Climate scenarios in TIAM-UCL
The 2°C scenarios in this paper are based on the TIAM-UCL modelling and are normative in nature. They consider a future temperature stabilization target as given, and assess cost-optimal scenarios for meeting that target. One example is the rapid phase-out of coal under the 2°C scenario; while this may not happen, the insight for decision-maker is that phasing out coal as rapidly as possible offers the least-cost pathway to 2°C, as it is the most carbon-intensive fossil fuel and as there are viable alternatives in the near term (at least in power generation).
Equity scenarios in TIAM-UCL
Modelling was undertaken using TIAM-UCL to explore the impacts of allocating extractive rights based on development need using the HDI rankings,165 as described in Box 9 of the paper. The criteria for equity-based allocation were first proposed by Caney.166 The regions of the model were first allocated to a group, based on the HDI index values of the countries within those regions (see Table 4). For regions that were a specific country e.g. China, this was straightforward. However, for some of the highly aggregated regions e.g. Africa and ‘Other Developing Asia’, this was problematic. It was therefore decided to use population-weighted scores to help determine what score to allocate to each given TIAM-UCL region.
Table 4: Allocation of TIAM-UCL regions to Human Development Index (HDI) groups
HDI group |
HDI level (0–1) |
TIAM-UCL regions |
---|---|---|
Low-medium human development (LMHD) |
<0.7 |
Africa, India, Other Developing Asia |
High human development (HHD) |
0.7–0.8 |
Middle East, Mexico, South and Central America, China, Former Soviet Union |
Very high human development (VHHD) |
>0.8 |
Western Europe, Eastern Europe, UK, Canada, USA, Australia, Japan, South Korea |
Source: Compiled by UCL (2018), based on TIAM-UCL regions and UNDP HDI rankings.
There are a few issues to note with the above categorization. Russia, which is in the HHD group, has a score at the upper end of the range at 0.798. Similarly, a number of the oil-rich Gulf states have HDI scores in the VHHD range but are included in the HHD group because of larger population countries in the Middle East having scores in the HHD range. This is important for such oil exporting countries that would otherwise have a lower extraction right allocation if they were in the VHHD group. Other Developing Asia also has a high diversity of HDI scores; however, the most populous countries such as Indonesia, Bangladesh and Pakistan have HDIs of less than 0.7. Finally, Eastern European countries all have scores in the VHHD range, except for Bulgaria and Romania, which have scores of 0.782 and 0.793, respectively.
Production levels determined under the 2°C scenario were then allocated to the HDI groups, with HDI1 allocated an increased production quota and HDI3 a lower production quota.
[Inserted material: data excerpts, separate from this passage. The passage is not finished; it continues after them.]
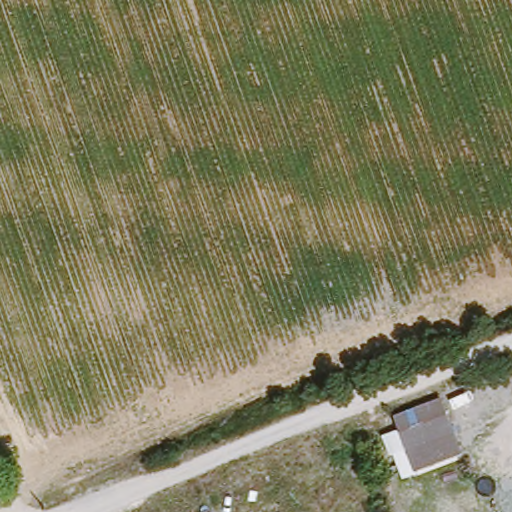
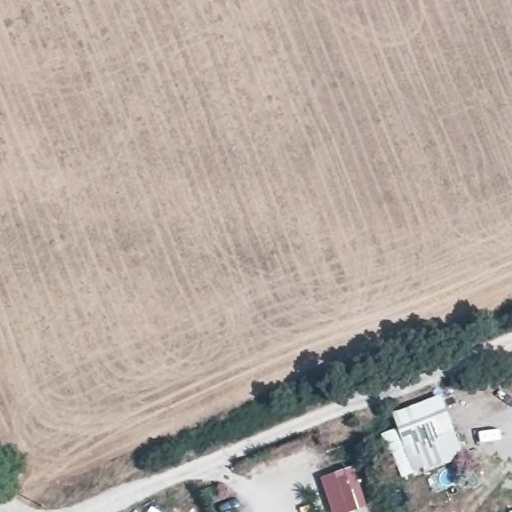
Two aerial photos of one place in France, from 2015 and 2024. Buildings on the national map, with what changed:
unchanged [(388,456),(381,437),(399,430),(395,417),(438,401),(452,434),(388,456)]
unchanged [(458,455),(402,476),(393,453),(452,434),(458,455)]
new [(352,512),(334,512),(323,477),(354,467),(366,507),(352,512)]

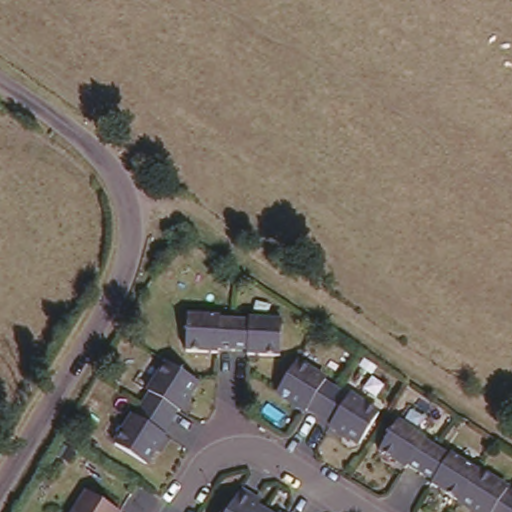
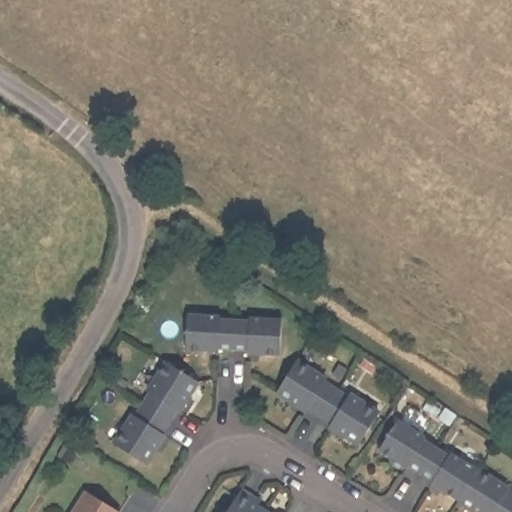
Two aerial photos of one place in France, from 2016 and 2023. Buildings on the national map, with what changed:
unchanged [(212,308),(212,311),(246,312),(246,309),(276,310),(274,350),(245,347),(244,344),(214,342),(214,346),(182,343),(182,306),(212,308)]
unchanged [(321,373),(319,376),(346,393),(347,390),(373,407),(355,437),(325,420),(327,416),(302,400),(300,402),(271,384),(291,354),(321,373)]
unchanged [(128,413),(131,415),(147,386),(145,386),(160,362),(192,380),(174,407),(171,405),(156,429),(157,431),(140,460),(111,442),(128,413)]
unchanged [(512,483),(512,512),(484,512),(483,511),(483,512),(479,512),(425,478),(427,475),(403,460),(401,463),(375,446),(394,415),(420,430),(419,432),(446,450),(447,448),(504,484),(506,480),(512,483)]
unchanged [(245,497),(268,512),(211,512),(217,505),(223,507),(236,483),(249,490),(245,497)]
unchanged [(109,512),(63,512),(81,485),(114,505),(109,512)]
unchanged [(279,512),(278,512),(278,511),(279,512)]

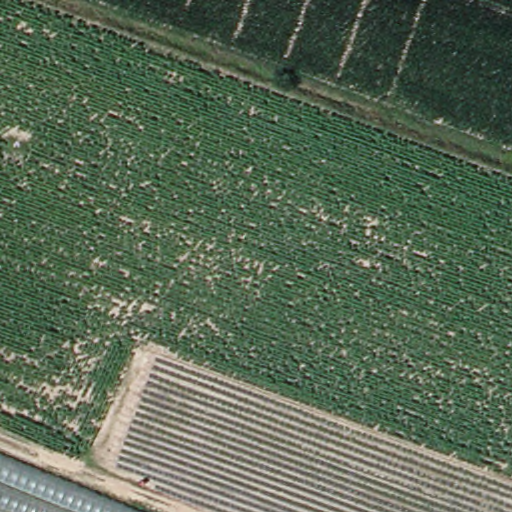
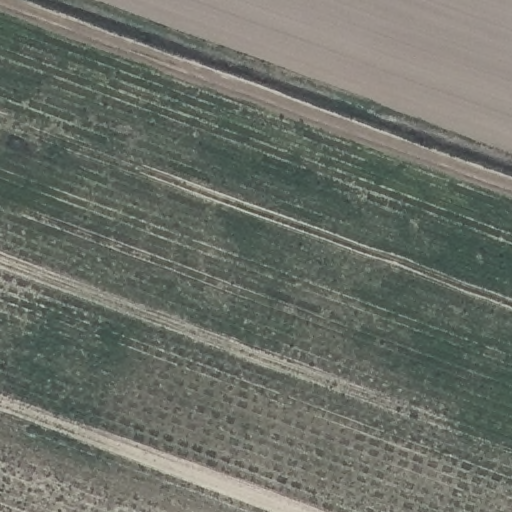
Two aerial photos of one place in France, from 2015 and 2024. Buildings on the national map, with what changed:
demolished [(158,512),(0,512),(0,450),(158,512)]

The quota levels were originally determined based on a differentiated carbon tax on extraction, with a higher tax applied to HDI3 (thereby reducing production), with HDI2 incurring a tax level of 60 per cent of that for HDI3, and HDI1 only incurring a tax level of 10 per cent of the HDI3 tax level. The use of carbon tax mechanism is not intended as a politically viable mechanism with which to redistribute the remaining ‘burnable’ carbon budget, but rather as a means of allowing the model to endogenously determine the redistribution, without prescribing which type of fossil fuel production would be allocated where. This resulted in two scenarios: a low-quota case leading to a lower level of redistribution to HDI1, and a high-quota case with a higher level of redistribution to HDI1.